(Columna publicada en el semanario GENTE, del grupo El Colombiano, el 25 de marzo de 2022)
La muerte, tan
vieja y cotidiana, aún consigue sorprendernos, estremecernos y sumirnos en la
tristeza a estas alturas de la vida. Y si se lleva a un ser generoso y sabio,
de esos que parecen ir adelante de uno poniendo piedras en el río para asegurar
nuestros pasos, como el padre Alberto Restrepo González, uno reniega impotente
por ese punto final, terco e inamovible, sin encontrar a quién reprocharle.
Como diez
curas presidieron la misa fúnebre llena de humo de incienso el lunes pasado. Un
llamativo y simbólico ritual en una Santa Gertrudis más o menos llena. El
féretro descansó en el suelo del altar y no en esos soportes metálicos en que
suelen esperar los muertos su funeral.
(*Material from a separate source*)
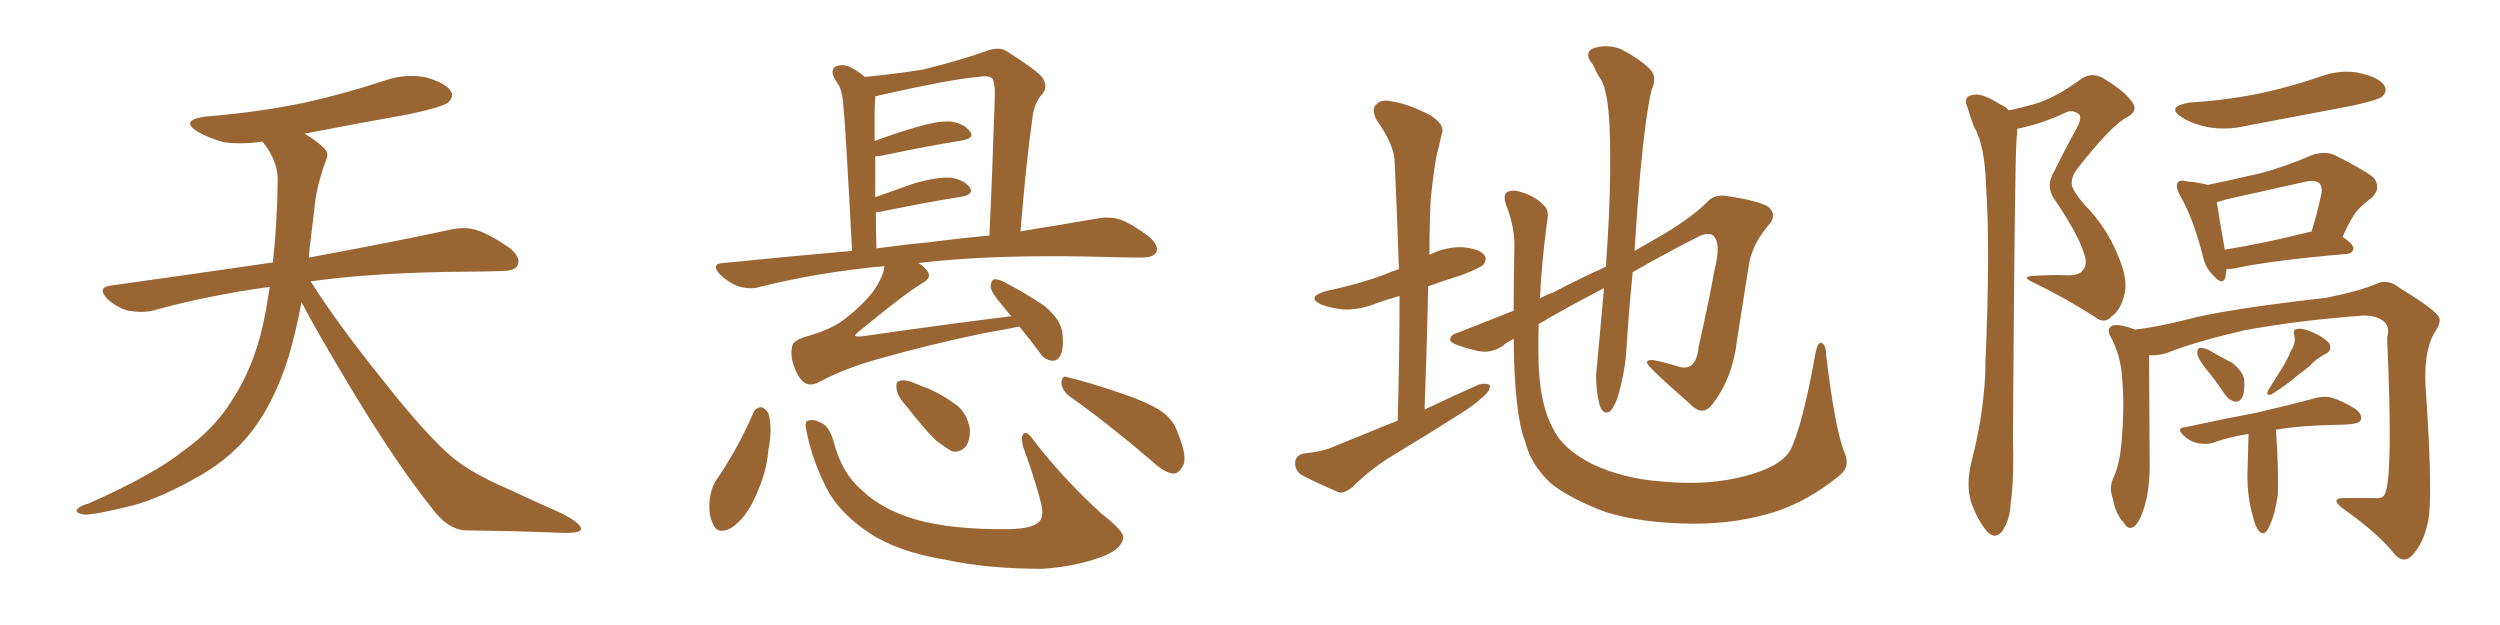 <svg xmlns="http://www.w3.org/2000/svg" xmlns:xlink="http://www.w3.org/1999/xlink" width="600" height="150"><path fill="#996633" padding="10" d="M72.36 72.51L72.36 72.51L72.36 72.51Q71.19 78.96 69.29 85.55L69.29 85.55Q65.92 96.39 60.50 103.42L60.50 103.42Q55.81 109.57 48.34 113.96L48.34 113.96Q38.67 119.53 31.93 121.29L31.93 121.29Q22.56 123.63 20.21 123.49L20.21 123.49Q17.72 123.05 18.60 122.17L18.60 122.17Q19.04 121.44 21.24 120.85L21.24 120.85Q36.77 113.96 43.95 108.25L43.95 108.25Q51.56 102.83 55.66 96.09L55.66 96.09Q61.67 87.01 63.87 74.12L63.87 74.12Q64.31 71.48 64.75 68.85L64.75 68.85Q49.80 70.90 36.62 74.56L36.62 74.56Q33.98 75.15 30.76 74.56L30.76 74.56Q27.98 73.83 25.63 71.63L25.63 71.63Q23.29 68.99 26.51 68.55L26.51 68.55Q47.31 65.63 65.48 62.99L65.48 62.99Q66.50 54.05 66.65 43.07L66.65 43.07Q66.65 38.53 62.99 33.98L62.99 33.98Q58.01 34.72 53.61 34.13L53.61 34.13Q50.10 33.11 47.46 31.64L47.46 31.64Q43.07 28.86 49.22 27.98L49.22 27.98Q62.11 26.95 73.24 24.61L73.24 24.61Q83.06 22.41 92.29 19.34L92.29 19.34Q97.41 17.58 102.39 18.60L102.39 18.60Q107.23 20.07 108.25 21.97L108.25 21.97Q108.98 23.29 107.52 24.61L107.52 24.61Q106.35 25.63 98.29 27.39L98.29 27.39Q85.11 29.74 73.10 32.08L73.10 32.08Q75.88 33.69 77.64 35.45L77.64 35.45Q79.10 36.62 78.22 38.53L78.22 38.53Q75.88 44.82 75.44 50.24L75.44 50.24Q75 53.61 74.56 57.57L74.56 57.57Q74.27 59.62 74.12 61.82L74.12 61.82Q95.51 57.86 108.25 55.08L108.25 55.08Q111.62 54.35 114.40 55.22L114.40 55.22Q117.92 56.40 122.46 59.62L122.46 59.62Q125.10 61.82 124.22 63.72L124.22 63.72Q123.49 65.04 120.41 65.04L120.41 65.04Q116.89 65.19 112.94 65.19L112.94 65.19Q90.09 65.33 74.56 67.53L74.56 67.53Q80.86 77.49 91.55 90.82L91.55 90.82Q102.39 104.59 108.69 109.86L108.69 109.86Q113.38 113.67 121.88 117.33L121.88 117.33Q128.47 120.41 134.77 123.19L134.77 123.19Q139.60 125.68 139.45 127.00L139.45 127.00Q139.31 128.03 134.77 127.88L134.77 127.88Q124.07 127.44 111.62 127.29L111.62 127.29Q107.37 127.00 103.71 122.02L103.71 122.02Q95.36 111.62 84.38 93.46L84.38 93.46Q75.59 78.81 72.36 72.51ZM244.63 78.37L244.63 78.37Q241.26 79.10 235.99 79.98L235.99 79.98Q222.80 82.76 211.38 85.99L211.38 85.99Q202.73 88.33 196.00 91.99L196.00 91.99Q194.38 92.58 193.36 91.99L193.36 91.99Q191.75 91.11 190.72 88.33L190.72 88.33Q189.55 85.40 190.14 83.06L190.14 83.06Q190.28 81.59 194.24 80.57L194.24 80.57Q199.07 79.10 201.86 77.20L201.86 77.20Q206.54 73.83 209.62 69.87L209.62 69.87Q212.11 66.21 212.26 63.87L212.26 63.87Q196.44 65.33 182.37 68.85L182.37 68.85Q180.18 69.58 177.10 68.70L177.10 68.70Q174.61 67.68 172.71 65.77L172.71 65.77Q170.51 63.28 173.58 63.13L173.58 63.13Q189.40 61.52 204.49 60.21L204.49 60.21Q202.88 29.44 202.44 25.78L202.44 25.78Q202.29 22.56 201.42 20.65L201.42 20.65Q200.54 19.48 199.95 18.02L199.95 18.02Q199.51 16.55 200.54 15.97L200.54 15.97Q201.86 15.38 203.32 15.82L203.32 15.82Q205.37 16.55 207.57 18.46L207.57 18.46Q215.19 17.72 221.48 16.70L221.48 16.70Q230.42 14.50 236.57 12.30L236.57 12.30Q239.94 10.99 241.85 12.45L241.85 12.45Q248.58 16.70 250.05 18.46L250.05 18.46Q251.81 20.95 249.90 22.85L249.90 22.85Q248.29 24.76 247.85 27.83L247.85 27.83Q246.24 39.11 244.92 55.52L244.92 55.52Q255.76 53.76 263.38 52.44L263.38 52.44Q266.31 51.86 268.95 52.73L268.95 52.73Q272.02 53.91 275.98 56.98L275.98 56.98Q278.32 59.18 277.44 60.64L277.44 60.64Q276.71 61.82 273.93 61.82L273.93 61.82Q270.12 61.82 265.72 61.67L265.72 61.67Q238.18 60.94 220.46 63.13L220.46 63.13Q222.07 64.16 222.66 65.19L222.66 65.19Q223.68 66.65 221.34 67.97L221.34 67.97Q217.38 70.31 205.96 79.69L205.96 79.69Q205.08 80.42 205.22 80.57L205.22 80.57Q205.52 80.86 206.98 80.71L206.98 80.71Q225.15 78.08 242.72 75.88L242.72 75.88Q241.41 74.41 240.38 73.10L240.38 73.10Q237.89 70.17 237.74 68.85L237.74 68.85Q237.89 67.24 238.48 67.09L238.48 67.09Q239.21 66.80 240.97 67.68L240.97 67.68Q246.09 70.31 250.63 73.39L250.63 73.39Q254.88 76.90 255.03 80.42L255.03 80.42Q255.32 83.94 254.44 85.40L254.44 85.40Q253.71 86.72 252.39 86.57L252.39 86.57Q250.49 86.28 249.46 84.52L249.46 84.52Q246.97 81.15 244.63 78.37ZM222.95 58.15L222.95 58.15Q230.71 57.13 237.45 56.54L237.45 56.54Q238.18 41.60 238.77 22.56L238.77 22.56Q238.77 19.92 238.18 18.90L238.18 18.90Q237.45 18.02 234.67 18.46L234.67 18.46Q228.08 19.04 211.82 22.71L211.82 22.71Q210.64 23.00 210.06 23.14L210.06 23.14Q210.06 23.44 210.06 23.58L210.06 23.58Q209.91 25.05 209.91 27.25L209.91 27.25Q209.91 30.32 209.91 33.84L209.91 33.84Q214.60 32.08 219.58 30.62L219.58 30.62Q224.85 29.00 228.08 29.15L228.08 29.15Q231.30 29.59 232.76 31.49L232.76 31.49Q234.08 33.11 231.01 33.69L231.01 33.69Q222.80 35.01 211.67 37.35L211.67 37.35Q210.50 37.50 210.06 37.50L210.06 37.50Q210.06 42.04 210.06 47.31L210.06 47.31Q214.60 45.70 219.58 43.95L219.58 43.95Q224.85 42.48 228.08 42.63L228.08 42.63Q231.30 43.07 232.76 44.97L232.76 44.97Q233.79 46.58 231.01 47.17L231.01 47.17Q222.66 48.49 211.23 50.83L211.23 50.83Q210.79 50.83 210.21 50.98L210.21 50.98Q210.21 55.08 210.35 59.62L210.35 59.62Q216.65 58.74 222.95 58.15ZM180.76 99.17L180.76 99.17Q181.35 97.85 182.67 97.71L182.67 97.71Q183.54 97.85 184.42 99.17L184.42 99.17Q185.45 102.98 184.42 107.96L184.42 107.96Q183.98 113.53 181.20 119.38L181.20 119.38Q179.00 124.37 175.49 126.71L175.49 126.71Q172.12 128.47 171.09 125.68L171.09 125.68Q169.92 123.34 170.36 119.68L170.36 119.68Q170.65 117.33 171.68 115.58L171.68 115.58Q177.10 107.67 180.76 99.17ZM193.51 103.27L193.51 103.27Q193.07 101.07 193.95 100.93L193.95 100.93Q195.26 100.49 197.17 101.51L197.17 101.51Q199.07 102.39 200.10 106.05L200.10 106.05Q202.00 113.53 206.84 117.63L206.84 117.63Q211.67 122.31 219.73 124.66L219.73 124.66Q228.37 127.15 242.14 127.00L242.14 127.00Q248.29 126.86 249.61 124.95L249.61 124.95Q250.63 123.63 249.76 120.41L249.76 120.41Q248.00 113.82 245.65 107.52L245.65 107.52Q244.92 105.18 245.51 104.30L245.51 104.30Q246.24 102.98 248.14 105.76L248.14 105.76Q254.88 114.55 264.11 123.05L264.11 123.05Q270.12 127.73 269.53 129.20L269.53 129.20Q269.24 131.54 265.28 133.30L265.28 133.30Q258.69 135.94 250.20 136.52L250.20 136.52Q237.01 136.52 226.90 134.33L226.90 134.33Q215.33 132.42 208.59 127.88L208.59 127.88Q202.15 123.63 198.93 118.21L198.93 118.21Q194.97 110.89 193.51 103.27ZM217.38 97.27L217.38 97.27Q215.33 95.07 215.19 93.31L215.19 93.31Q214.89 91.55 215.92 91.41L215.92 91.41Q217.24 90.97 219.58 91.99L219.58 91.99Q221.19 92.72 222.95 93.31L222.95 93.31Q226.76 95.07 229.83 97.41L229.83 97.41Q232.18 99.46 232.76 102.98L232.76 102.98Q232.91 105.32 231.88 107.08L231.88 107.08Q230.27 108.84 228.37 108.25L228.37 108.25Q226.61 107.23 224.71 105.76L224.71 105.76Q221.92 103.13 217.38 97.27ZM256.64 95.07L256.64 95.07L256.64 95.07Q254.88 93.75 254.74 91.85L254.74 91.85Q254.88 89.94 256.20 90.53L256.20 90.53Q260.60 91.55 268.51 94.19L268.51 94.19Q275.54 96.53 278.76 98.73L278.76 98.73Q281.69 100.78 282.71 104.00L282.71 104.00Q285.21 110.16 283.74 112.06L283.74 112.06Q282.86 113.67 281.54 113.67L281.54 113.67Q279.35 113.38 276.56 110.74L276.56 110.74Q265.58 101.37 256.64 95.07ZM335.45 100.93L335.45 100.93Q335.89 85.25 335.89 71.04L335.89 71.04Q332.67 71.92 330.32 72.80L330.32 72.80Q326.37 74.41 322.41 74.27L322.41 74.27Q319.48 73.97 317.14 73.10L317.14 73.10Q313.33 71.34 318.16 69.87L318.16 69.87Q325.93 68.26 332.23 65.92L332.23 65.92Q333.84 65.19 335.74 64.60L335.74 64.60Q335.30 51.27 334.72 38.96L334.72 38.96Q334.72 34.86 330.32 28.71L330.32 28.71Q329.15 26.22 330.18 25.20L330.18 25.20Q331.35 23.73 333.98 24.32L333.98 24.32Q337.94 24.90 343.36 27.69L343.36 27.69Q346.58 29.88 346.14 31.64L346.14 31.64Q345.56 34.28 344.68 37.79L344.68 37.79Q343.95 42.04 343.36 47.90L343.36 47.90Q343.07 54.49 343.07 61.23L343.07 61.23Q343.07 61.08 343.21 61.08L343.21 61.08Q347.02 59.18 351.12 59.33L351.12 59.33Q355.22 59.77 356.25 61.23L356.25 61.23Q356.98 62.26 355.96 63.57L355.96 63.57Q355.22 64.31 350.68 66.06L350.68 66.06Q346.44 67.38 342.77 68.70L342.77 68.70Q342.48 82.91 341.89 98.29L341.89 98.29Q348.63 95.07 354.93 92.29L354.93 92.29Q356.69 91.85 357.57 92.43L357.57 92.43Q357.71 93.75 355.96 95.21L355.96 95.21Q353.76 97.27 350.68 99.17L350.68 99.17Q342.63 104.30 334.57 109.13L334.57 109.13Q329.15 112.35 324.61 116.89L324.61 116.89Q322.85 118.36 321.39 118.21L321.39 118.21Q315.97 115.87 312.30 113.96L312.30 113.96Q310.69 112.79 310.84 110.89L310.84 110.89Q310.99 109.28 312.89 108.84L312.89 108.84Q317.29 108.40 319.63 107.37L319.63 107.37Q327.83 104.00 335.45 100.93ZM442.53 108.25L442.53 108.25L442.53 108.25Q444.29 111.91 441.50 114.11L441.50 114.11Q434.18 120.12 426.27 122.75L426.27 122.75Q417.04 125.68 406.93 125.68L406.93 125.68Q394.34 125.68 385.40 122.90L385.40 122.90Q376.76 119.68 372.22 116.02L372.22 116.02Q367.38 111.47 366.06 106.05L366.06 106.05Q363.43 99.46 363.28 81.30L363.28 81.30Q361.38 82.32 360.79 82.91L360.79 82.91Q357.71 85.11 354.05 84.08L354.05 84.08Q348.05 82.62 348.05 81.59L348.05 81.59Q348.05 80.27 349.95 79.83L349.95 79.83Q355.22 77.78 363.28 74.56L363.28 74.56Q363.28 67.97 363.43 60.35L363.43 60.35Q363.72 54.79 361.52 49.37L361.52 49.37Q360.64 46.73 361.67 46.14L361.67 46.14Q362.84 45.41 364.75 46.00L364.75 46.00Q368.26 47.02 370.17 48.93L370.17 48.93Q371.92 50.24 371.34 52.88L371.34 52.88Q370.02 62.70 369.58 71.63L369.58 71.63Q371.04 70.75 372.80 70.17L372.80 70.17Q379.25 66.80 385.40 64.01L385.40 64.01Q386.87 44.38 386.28 29.88L386.28 29.88Q385.84 22.12 384.38 19.34L384.38 19.34Q383.35 17.87 382.32 15.53L382.32 15.53Q380.13 13.04 382.03 11.72L382.03 11.72Q385.69 10.40 389.21 11.87L389.21 11.87Q393.60 14.21 395.95 16.55L395.95 16.55Q397.85 18.46 396.39 21.53L396.39 21.53Q394.92 27.69 393.60 42.19L393.60 42.19Q392.87 50.83 392.29 60.21L392.29 60.21Q395.07 58.59 397.41 57.28L397.41 57.28Q405.62 52.59 409.72 48.49L409.72 48.49Q411.47 46.58 414.26 47.02L414.26 47.02Q421.44 48.05 424.22 49.51L424.22 49.51Q426.42 51.12 424.95 53.47L424.95 53.47Q420.85 58.01 419.82 62.99L419.82 62.99Q418.36 72.36 416.89 81.59L416.89 81.59Q415.87 90.82 410.89 97.12L410.89 97.12Q408.54 100.20 405.32 96.68L405.32 96.68Q396.24 88.77 395.36 87.30L395.36 87.30Q394.92 86.28 396.83 86.43L396.83 86.43Q399.76 87.01 402.54 87.89L402.54 87.89Q407.08 89.50 407.67 83.20L407.67 83.20Q410.01 72.95 411.47 64.89L411.47 64.89Q412.94 59.03 411.62 57.13L411.62 57.13Q410.89 55.52 408.11 56.54L408.11 56.54Q398.88 61.23 391.85 65.33L391.85 65.33Q390.97 73.97 390.38 83.35L390.38 83.35Q390.09 88.92 388.33 95.07L388.33 95.07Q387.45 97.71 386.43 98.73L386.43 98.73Q384.96 99.61 384.08 97.71L384.08 97.71Q383.06 94.48 383.06 89.94L383.06 89.94Q383.94 80.71 384.96 69.14L384.96 69.14Q375.15 74.27 369.29 77.78L369.29 77.78Q369.14 83.06 369.29 87.89L369.29 87.89Q369.73 97.56 372.80 102.98L372.80 102.98Q375 107.67 382.03 111.33L382.03 111.33Q389.79 114.99 399.17 115.58L399.17 115.58Q410.01 116.60 418.80 114.26L418.80 114.26Q427.29 112.06 429.64 108.11L429.64 108.11Q432.57 102.39 435.79 84.38L435.79 84.38Q436.38 81.88 437.26 82.32L437.26 82.32Q438.28 82.91 438.28 85.25L438.28 85.25Q440.33 102.39 442.53 108.25ZM482.08 26.51L482.08 26.51Q486.18 25.63 489.40 24.61L489.40 24.61Q493.95 23.00 499.37 19.04L499.37 19.04Q501.71 17.29 504.49 18.60L504.49 18.60Q509.91 21.83 511.82 24.61L511.82 24.61Q513.28 26.81 510.21 28.27L510.21 28.27Q506.40 30.47 498.49 40.58L498.49 40.58Q496.88 42.77 497.31 44.68L497.31 44.68Q497.75 46.14 500.10 48.93L500.10 48.93Q505.37 54.20 508.15 60.94L508.15 60.94Q510.79 66.94 509.91 70.46L509.91 70.46Q509.03 74.41 506.84 75.88L506.84 75.88Q505.08 77.93 502.73 76.03L502.73 76.03Q495.85 71.63 488.67 68.12L488.67 68.12Q484.57 66.36 488.09 66.21L488.09 66.21Q492.33 65.92 496.00 66.06L496.00 66.06Q499.07 66.21 499.95 64.75L499.95 64.75Q501.12 63.43 500.10 60.64L500.10 60.64Q498.63 55.96 492.92 47.61L492.92 47.61Q490.87 44.53 493.07 41.02L493.07 41.02Q495.56 35.89 498.34 30.91L498.34 30.91Q499.66 28.56 499.07 27.54L499.07 27.54Q497.31 25.93 494.97 27.39L494.97 27.39Q489.40 29.88 484.13 30.91L484.13 30.91Q484.13 31.93 483.98 33.40L483.98 33.40Q483.54 37.79 483.11 104.59L483.11 104.59Q483.40 115.43 482.52 121.14L482.52 121.14Q482.37 124.80 480.47 127.59L480.47 127.59Q478.71 129.64 476.81 127.44L476.81 127.44Q474.46 124.66 473.00 120.26L473.00 120.26Q471.83 116.31 473.14 110.89L473.14 110.89Q476.51 97.71 476.51 86.72L476.51 86.72Q477.69 60.06 476.66 44.68L476.66 44.68Q476.37 34.86 473.73 30.32L473.73 30.32Q472.85 28.13 472.27 25.93L472.27 25.93Q471.24 23.88 472.56 23.00L472.56 23.00Q474.32 22.41 476.07 23.00L476.07 23.00Q478.56 24.02 480.03 25.05L480.03 25.05Q481.49 25.63 482.08 26.51ZM525.44 24.61L525.44 24.61Q534.96 24.02 543.02 22.27L543.02 22.27Q550.34 20.65 557.08 18.31L557.08 18.31Q562.06 16.55 566.60 17.58L566.60 17.58Q571.29 18.75 572.31 20.65L572.31 20.65Q573.05 21.97 571.58 23.29L571.58 23.29Q570.56 24.02 564.70 25.34L564.70 25.34Q551.66 27.83 539.21 30.18L539.21 30.18Q534.23 31.35 529.69 30.47L529.69 30.47Q526.17 29.74 523.83 28.27L523.83 28.27Q519.58 25.63 525.44 24.61ZM534.38 64.60L534.38 64.60Q534.23 65.77 534.08 66.65L534.08 66.65Q533.35 68.70 531.01 65.92L531.01 65.92Q529.25 64.16 528.66 61.38L528.66 61.38Q526.32 52.15 523.10 46.73L523.10 46.73Q522.07 44.68 522.66 43.80L522.66 43.80Q523.24 43.07 524.71 43.51L524.71 43.51Q527.93 43.80 529.83 44.38L529.83 44.38Q536.13 43.07 542.43 41.60L542.43 41.60Q548.58 39.99 554.88 37.21L554.88 37.21Q557.96 36.18 560.30 37.21L560.30 37.21Q567.33 40.72 569.68 42.63L569.68 42.63Q571.58 45.12 569.24 47.46L569.24 47.46Q567.77 48.49 566.31 49.95L566.31 49.95Q564.55 51.56 562.21 56.84L562.21 56.84Q564.84 58.59 564.84 59.62L564.84 59.62Q564.70 60.79 563.23 60.94L563.23 60.94Q544.63 62.55 536.13 64.45L536.13 64.45Q534.96 64.60 534.38 64.60ZM554.30 55.66L554.30 55.66Q554.59 55.52 554.74 55.66L554.74 55.66Q556.05 51.56 557.08 46.73L557.08 46.73Q557.52 44.97 556.64 43.95L556.64 43.95Q555.47 43.07 553.13 43.65L553.13 43.65Q543.90 45.70 534.08 47.90L534.08 47.90Q532.91 48.34 532.03 48.49L532.03 48.49Q532.47 51.42 533.94 59.91L533.94 59.91Q543.16 58.45 554.30 55.66ZM515.77 85.25L515.77 85.25Q515.77 90.67 515.92 110.16L515.92 110.16Q516.06 116.89 514.75 121.29L514.75 121.29Q513.57 125.39 512.11 126.42L512.11 126.42Q510.79 127.29 509.77 125.54L509.77 125.54Q507.71 123.34 507.13 119.82L507.13 119.82Q506.10 117.19 507.13 114.84L507.13 114.84Q508.74 111.62 509.18 105.91L509.18 105.91Q509.91 97.56 509.33 90.97L509.33 90.97Q509.03 85.11 506.25 80.27L506.25 80.27Q505.66 78.66 507.13 78.08L507.13 78.08Q509.18 77.78 512.40 79.10L512.40 79.10Q517.53 78.52 524.56 76.76L524.56 76.76Q533.64 74.27 558.25 71.48L558.25 71.48Q566.31 69.87 570.70 67.97L570.70 67.97Q573.19 66.94 575.98 69.14L575.98 69.14Q583.89 73.97 585.21 75.88L585.21 75.88Q586.23 77.05 584.03 80.27L584.03 80.27Q581.40 85.25 582.28 94.92L582.28 94.92Q584.03 120.85 582.57 125.83L582.57 125.83Q581.54 130.52 578.91 133.30L578.91 133.30Q577.00 135.35 574.80 133.15L574.80 133.15Q571.00 128.17 562.06 121.88L562.06 121.88Q558.98 119.38 563.09 119.53L563.09 119.53Q566.75 119.53 569.97 119.53L569.97 119.53Q571.88 119.82 572.46 118.36L572.46 118.36Q574.37 113.67 572.90 81.01L572.90 81.01Q573.63 78.66 572.31 77.34L572.31 77.34Q570.70 75.73 567.19 75.73L567.19 75.73Q551.51 76.90 538.77 79.25L538.77 79.25Q526.76 82.03 520.17 84.67L520.17 84.67Q517.97 85.40 515.77 85.25ZM529.39 88.48L529.39 88.48Q527.49 85.99 527.34 84.96L527.34 84.96Q527.34 83.64 527.93 83.50L527.93 83.50Q528.52 83.35 529.98 83.94L529.98 83.94Q533.06 85.69 535.84 87.16L535.84 87.16Q538.48 89.36 538.62 91.26L538.62 91.26Q538.77 94.04 538.18 95.36L538.18 95.36Q537.45 96.53 536.43 96.39L536.43 96.39Q534.96 96.09 533.94 94.63L533.94 94.63Q531.74 91.26 529.39 88.48ZM549.90 84.08L549.90 84.08Q551.07 82.18 550.63 80.42L550.63 80.42Q550.20 79.10 551.22 78.96L551.22 78.96Q552.54 78.66 554.88 79.69L554.88 79.69Q557.37 80.71 558.84 82.18L558.84 82.18Q560.01 83.94 558.11 84.96L558.11 84.96Q555.76 86.13 554.30 87.89L554.30 87.89Q552.83 89.06 551.07 90.38L551.07 90.38Q548.88 92.29 545.21 94.63L545.21 94.63Q543.60 95.21 544.48 93.46L544.48 93.46Q546.24 90.67 547.71 88.33L547.71 88.33Q548.88 86.43 549.90 84.08ZM539.65 104.15L539.65 104.15L539.65 104.15Q534.96 104.88 531.30 106.20L531.30 106.20Q529.69 106.79 527.34 106.35L527.34 106.35Q525.44 105.91 523.97 104.44L523.97 104.44Q522.22 102.69 524.41 102.54L524.41 102.54Q533.79 100.49 541.70 99.02L541.70 99.02Q550.49 96.97 555.76 95.51L555.76 95.51Q557.96 94.92 559.86 95.51L559.86 95.51Q562.21 96.24 565.28 98.14L565.28 98.14Q567.04 99.46 566.60 100.78L566.60 100.78Q566.16 101.66 563.96 101.81L563.96 101.81Q562.65 101.95 561.18 101.95L561.18 101.95Q552.10 102.10 546.24 103.13L546.24 103.13Q546.39 105.62 546.53 107.96L546.53 107.96Q546.83 114.70 546.68 118.65L546.68 118.65Q546.09 123.19 544.78 125.98L544.78 125.98Q543.60 128.91 542.29 127.59L542.29 127.59Q541.26 126.56 540.67 123.78L540.67 123.78Q539.50 119.97 539.36 114.70L539.36 114.70Q539.50 109.42 539.65 104.15Z"/></svg>

Se hubiera dicho que el autor de Para leer a Fernando González seguía
dictando su lección de humildad y, en todo caso, de permanente pelea contra la
vanidad, como en vida.
Sentado a una
mesa del café Otraparte, con esa rara mezcla de hombre ceñudo y amable, diseñó
el recorrido que debía hacer para reconstruir el Viaje a pie del filósofo de la autenticidad, en 2012. Total, el
sacerdote estudió en Manizales y ejerció en pueblos caldenses. Sin ver la boca
que me hablaba, perdida entre barbas largas y grises como melenas epifitas,
le oí contar:
“Cuando yo fui
a estudiar a Manizales, Fernando me mandó una carta que decía: muy bueno que el
espíritu te llevó a la fría Manizales a observar a Dios en el Nevado”.